**INSTRUCTIONS TO FOLLOW:** Return only those lines of the records below in which "color" appears.

Top of RECORDS FOR PROCESSING

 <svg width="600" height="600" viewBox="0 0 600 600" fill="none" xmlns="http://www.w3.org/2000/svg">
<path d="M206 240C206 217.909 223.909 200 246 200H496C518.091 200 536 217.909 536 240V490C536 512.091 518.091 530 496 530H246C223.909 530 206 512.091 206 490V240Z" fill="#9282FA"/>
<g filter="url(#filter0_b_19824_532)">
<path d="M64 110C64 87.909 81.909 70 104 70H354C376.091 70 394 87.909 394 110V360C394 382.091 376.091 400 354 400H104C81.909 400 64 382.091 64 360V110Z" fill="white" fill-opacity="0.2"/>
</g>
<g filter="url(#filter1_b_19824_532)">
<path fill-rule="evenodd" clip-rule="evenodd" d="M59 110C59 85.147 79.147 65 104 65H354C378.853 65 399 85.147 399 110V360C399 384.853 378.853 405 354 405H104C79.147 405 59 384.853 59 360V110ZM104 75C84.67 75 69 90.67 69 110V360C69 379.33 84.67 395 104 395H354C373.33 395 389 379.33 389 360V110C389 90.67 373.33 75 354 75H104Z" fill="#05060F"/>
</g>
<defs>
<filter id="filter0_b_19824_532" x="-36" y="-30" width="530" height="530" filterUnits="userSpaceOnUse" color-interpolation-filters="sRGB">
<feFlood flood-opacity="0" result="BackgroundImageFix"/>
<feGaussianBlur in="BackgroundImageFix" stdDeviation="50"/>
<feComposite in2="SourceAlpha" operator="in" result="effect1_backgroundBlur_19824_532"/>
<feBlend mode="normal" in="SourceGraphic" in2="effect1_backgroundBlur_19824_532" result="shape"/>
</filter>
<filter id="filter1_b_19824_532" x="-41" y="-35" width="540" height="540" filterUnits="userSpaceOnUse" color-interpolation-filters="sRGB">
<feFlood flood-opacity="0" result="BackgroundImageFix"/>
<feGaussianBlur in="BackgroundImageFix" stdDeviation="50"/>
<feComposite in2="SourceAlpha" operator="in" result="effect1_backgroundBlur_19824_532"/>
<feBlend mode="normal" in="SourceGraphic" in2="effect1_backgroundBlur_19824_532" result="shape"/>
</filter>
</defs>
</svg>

Bottom of RECORDS FOR PROCESSING

**SOLUTION TO THIS EXERCISE:**
<filter id="filter0_b_19824_532" x="-36" y="-30" width="530" height="530" filterUnits="userSpaceOnUse" color-interpolation-filters="sRGB">
<filter id="filter1_b_19824_532" x="-41" y="-35" width="540" height="540" filterUnits="userSpaceOnUse" color-interpolation-filters="sRGB">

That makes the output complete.